Before proof, this can be viewed as an instance of the so-called **Occam’s Razor principle**: All other things being equal, a simpler (smaller) hypothesis set is better.

**Proof.** Seeing that 
$$\begin{aligned}
& \mathbb{P}\left[\exists h \in \mathcal{H}\left|\widehat{R}_{S}(h)-R(h)\right|>\epsilon\right] \\
= \text{ } & \mathbb{P}\left[\left(\left|\widehat{R}_{S}\left(h_{1}\right) R\left(h_{1}\right)\right|>\epsilon\right) \vee \ldots \vee\left(\left|\widehat{R}_{S}\left(h_{|\mathcal{H}|}\right)-R\left(h_{|\mathcal{H}|}\right)\right|>\epsilon\right)\right] \\
\leq \text{ } & \sum_{h \in \mathcal{H}} \mathbb{P}\left[\left|\widehat{R}_{S}(h)-R(h)\right|>\epsilon\right] \\
\leq \text{ } & 2|\mathcal{H}| \exp \left(-2 m \epsilon^{2}\right) .
\end{aligned}$$

where the last inequality applies **lemma 1**.

--- 

### 2. More General Definitions <a id='More-General-Definitions'></a>

In the most general scenario of supervised learning, we consider a distribution $\mathcal{D}$ over $\mathcal{X} \times \mathcal{Y}$, i.e. the stochastic scenario.

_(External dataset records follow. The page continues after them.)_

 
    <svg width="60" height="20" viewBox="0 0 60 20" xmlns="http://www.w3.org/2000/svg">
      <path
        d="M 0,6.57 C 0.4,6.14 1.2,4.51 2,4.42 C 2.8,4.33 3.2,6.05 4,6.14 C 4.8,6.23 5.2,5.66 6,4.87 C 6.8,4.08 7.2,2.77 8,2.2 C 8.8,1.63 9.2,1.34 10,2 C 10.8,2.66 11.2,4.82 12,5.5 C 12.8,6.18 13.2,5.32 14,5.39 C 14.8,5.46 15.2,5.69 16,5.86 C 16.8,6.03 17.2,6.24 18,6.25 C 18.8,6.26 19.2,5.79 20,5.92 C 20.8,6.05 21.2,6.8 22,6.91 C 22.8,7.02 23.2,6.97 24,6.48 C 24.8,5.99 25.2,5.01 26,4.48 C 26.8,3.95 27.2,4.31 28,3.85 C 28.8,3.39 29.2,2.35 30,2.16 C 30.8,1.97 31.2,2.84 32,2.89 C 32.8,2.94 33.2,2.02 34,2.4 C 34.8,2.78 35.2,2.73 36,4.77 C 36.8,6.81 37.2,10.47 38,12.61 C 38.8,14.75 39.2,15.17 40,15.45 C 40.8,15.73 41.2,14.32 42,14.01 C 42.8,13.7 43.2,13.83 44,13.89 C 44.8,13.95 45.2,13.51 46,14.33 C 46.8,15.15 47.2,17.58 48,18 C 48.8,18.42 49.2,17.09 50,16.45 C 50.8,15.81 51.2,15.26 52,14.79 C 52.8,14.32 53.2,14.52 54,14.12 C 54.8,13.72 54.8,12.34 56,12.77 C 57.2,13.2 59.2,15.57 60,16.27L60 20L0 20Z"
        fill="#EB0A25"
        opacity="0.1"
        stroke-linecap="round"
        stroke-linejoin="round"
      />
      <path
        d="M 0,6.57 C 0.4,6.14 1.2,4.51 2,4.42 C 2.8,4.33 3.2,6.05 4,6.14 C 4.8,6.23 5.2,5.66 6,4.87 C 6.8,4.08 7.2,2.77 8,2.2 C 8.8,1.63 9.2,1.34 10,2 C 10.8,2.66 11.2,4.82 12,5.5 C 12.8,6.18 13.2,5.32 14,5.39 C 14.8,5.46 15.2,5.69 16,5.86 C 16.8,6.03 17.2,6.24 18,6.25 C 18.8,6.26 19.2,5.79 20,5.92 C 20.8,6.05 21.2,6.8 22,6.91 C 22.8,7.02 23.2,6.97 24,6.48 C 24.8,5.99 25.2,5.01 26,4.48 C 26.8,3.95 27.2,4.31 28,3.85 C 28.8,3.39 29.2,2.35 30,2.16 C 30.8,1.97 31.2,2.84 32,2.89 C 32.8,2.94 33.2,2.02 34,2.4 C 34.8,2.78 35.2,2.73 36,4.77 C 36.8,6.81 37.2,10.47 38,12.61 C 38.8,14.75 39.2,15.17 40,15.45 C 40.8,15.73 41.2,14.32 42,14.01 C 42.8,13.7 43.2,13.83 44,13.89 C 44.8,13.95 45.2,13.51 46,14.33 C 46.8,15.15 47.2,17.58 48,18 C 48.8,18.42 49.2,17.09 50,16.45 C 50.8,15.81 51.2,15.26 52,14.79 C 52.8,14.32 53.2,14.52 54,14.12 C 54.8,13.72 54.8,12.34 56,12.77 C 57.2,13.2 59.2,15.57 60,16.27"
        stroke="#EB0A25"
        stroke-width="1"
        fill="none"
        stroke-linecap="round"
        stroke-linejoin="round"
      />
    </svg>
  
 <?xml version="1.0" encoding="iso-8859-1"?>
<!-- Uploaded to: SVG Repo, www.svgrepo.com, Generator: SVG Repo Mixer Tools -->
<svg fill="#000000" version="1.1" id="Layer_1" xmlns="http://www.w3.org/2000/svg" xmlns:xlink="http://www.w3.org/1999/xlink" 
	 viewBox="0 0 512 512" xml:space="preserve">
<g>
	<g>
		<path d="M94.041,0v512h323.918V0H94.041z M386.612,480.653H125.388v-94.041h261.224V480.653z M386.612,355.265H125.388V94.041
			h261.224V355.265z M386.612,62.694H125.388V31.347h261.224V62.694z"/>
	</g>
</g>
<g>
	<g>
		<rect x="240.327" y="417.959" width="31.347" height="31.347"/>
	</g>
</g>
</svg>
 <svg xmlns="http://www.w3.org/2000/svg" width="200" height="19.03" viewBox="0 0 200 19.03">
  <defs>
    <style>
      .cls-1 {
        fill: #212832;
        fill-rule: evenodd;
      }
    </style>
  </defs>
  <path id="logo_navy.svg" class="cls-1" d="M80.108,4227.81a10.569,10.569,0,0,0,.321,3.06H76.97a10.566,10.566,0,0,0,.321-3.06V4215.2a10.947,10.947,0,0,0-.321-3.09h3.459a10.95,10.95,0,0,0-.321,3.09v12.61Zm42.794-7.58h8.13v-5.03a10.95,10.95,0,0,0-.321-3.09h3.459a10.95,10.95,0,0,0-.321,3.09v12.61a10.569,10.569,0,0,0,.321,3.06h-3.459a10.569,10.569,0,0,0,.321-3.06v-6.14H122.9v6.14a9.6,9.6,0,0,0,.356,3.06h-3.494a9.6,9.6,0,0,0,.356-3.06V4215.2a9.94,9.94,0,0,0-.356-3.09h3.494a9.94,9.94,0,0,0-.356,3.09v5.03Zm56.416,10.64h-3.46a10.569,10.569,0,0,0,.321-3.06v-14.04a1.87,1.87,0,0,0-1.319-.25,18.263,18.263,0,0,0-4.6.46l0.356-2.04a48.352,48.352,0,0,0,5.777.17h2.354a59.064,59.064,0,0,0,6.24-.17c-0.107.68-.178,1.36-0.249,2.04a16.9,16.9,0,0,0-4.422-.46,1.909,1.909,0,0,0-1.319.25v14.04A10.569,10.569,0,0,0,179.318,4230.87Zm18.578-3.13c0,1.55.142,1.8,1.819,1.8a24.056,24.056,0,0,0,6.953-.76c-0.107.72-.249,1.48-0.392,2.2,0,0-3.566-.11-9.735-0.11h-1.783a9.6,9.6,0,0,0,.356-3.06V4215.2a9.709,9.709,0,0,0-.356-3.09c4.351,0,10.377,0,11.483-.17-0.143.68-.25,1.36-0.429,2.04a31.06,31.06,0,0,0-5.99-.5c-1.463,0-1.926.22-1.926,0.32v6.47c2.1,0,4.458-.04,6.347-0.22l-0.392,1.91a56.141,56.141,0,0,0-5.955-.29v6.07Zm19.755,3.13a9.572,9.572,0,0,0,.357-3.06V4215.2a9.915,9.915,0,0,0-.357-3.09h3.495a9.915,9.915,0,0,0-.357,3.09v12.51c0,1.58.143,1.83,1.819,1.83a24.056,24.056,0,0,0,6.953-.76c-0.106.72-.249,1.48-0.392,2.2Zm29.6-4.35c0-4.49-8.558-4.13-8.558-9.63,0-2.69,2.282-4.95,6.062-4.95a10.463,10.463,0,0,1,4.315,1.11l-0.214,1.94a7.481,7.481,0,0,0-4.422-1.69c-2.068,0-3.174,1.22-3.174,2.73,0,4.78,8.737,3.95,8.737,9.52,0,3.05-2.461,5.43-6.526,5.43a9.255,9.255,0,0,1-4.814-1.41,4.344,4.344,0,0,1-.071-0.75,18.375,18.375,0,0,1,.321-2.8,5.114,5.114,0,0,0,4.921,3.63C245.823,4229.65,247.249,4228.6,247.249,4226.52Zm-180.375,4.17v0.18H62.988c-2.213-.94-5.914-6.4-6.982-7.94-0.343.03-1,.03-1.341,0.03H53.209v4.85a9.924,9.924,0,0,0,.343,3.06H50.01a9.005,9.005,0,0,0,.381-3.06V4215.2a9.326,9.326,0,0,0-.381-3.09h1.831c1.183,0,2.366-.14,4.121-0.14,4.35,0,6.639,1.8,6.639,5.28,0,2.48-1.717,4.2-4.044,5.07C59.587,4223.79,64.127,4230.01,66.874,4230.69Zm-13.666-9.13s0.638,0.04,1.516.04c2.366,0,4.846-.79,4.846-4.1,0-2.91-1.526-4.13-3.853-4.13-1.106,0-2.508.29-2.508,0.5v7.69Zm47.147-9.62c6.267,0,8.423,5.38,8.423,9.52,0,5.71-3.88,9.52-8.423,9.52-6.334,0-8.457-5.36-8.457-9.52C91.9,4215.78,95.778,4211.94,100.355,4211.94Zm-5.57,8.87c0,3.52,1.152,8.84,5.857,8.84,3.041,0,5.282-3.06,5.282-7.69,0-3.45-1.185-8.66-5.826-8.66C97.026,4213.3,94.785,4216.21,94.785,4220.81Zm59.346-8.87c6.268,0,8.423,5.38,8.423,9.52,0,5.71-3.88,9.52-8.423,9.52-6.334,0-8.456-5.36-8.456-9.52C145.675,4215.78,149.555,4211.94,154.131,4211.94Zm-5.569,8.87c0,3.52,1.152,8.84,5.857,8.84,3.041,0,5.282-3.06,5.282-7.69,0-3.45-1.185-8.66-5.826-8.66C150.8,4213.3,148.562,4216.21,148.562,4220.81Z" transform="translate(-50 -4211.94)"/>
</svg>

Then, we define 

> $$R(h)=\underset{(x, y) \sim \mathcal{D}}{\mathbb{P}}[h(x) \neq y]=\underset{(x, y) \sim \mathcal{D}}{\mathbb{E}}\left[1_{h(x) \neq y}\right]$$

and the Bayesian error

> $$R^{\star}=\inf _{h \text { measurable }} R(h).$$

### Reference

1. Mohri, M., Rostamizadeh, A., &amp; Talwalkar, A. (2018). Foundations of Machine Learning. The MIT Press.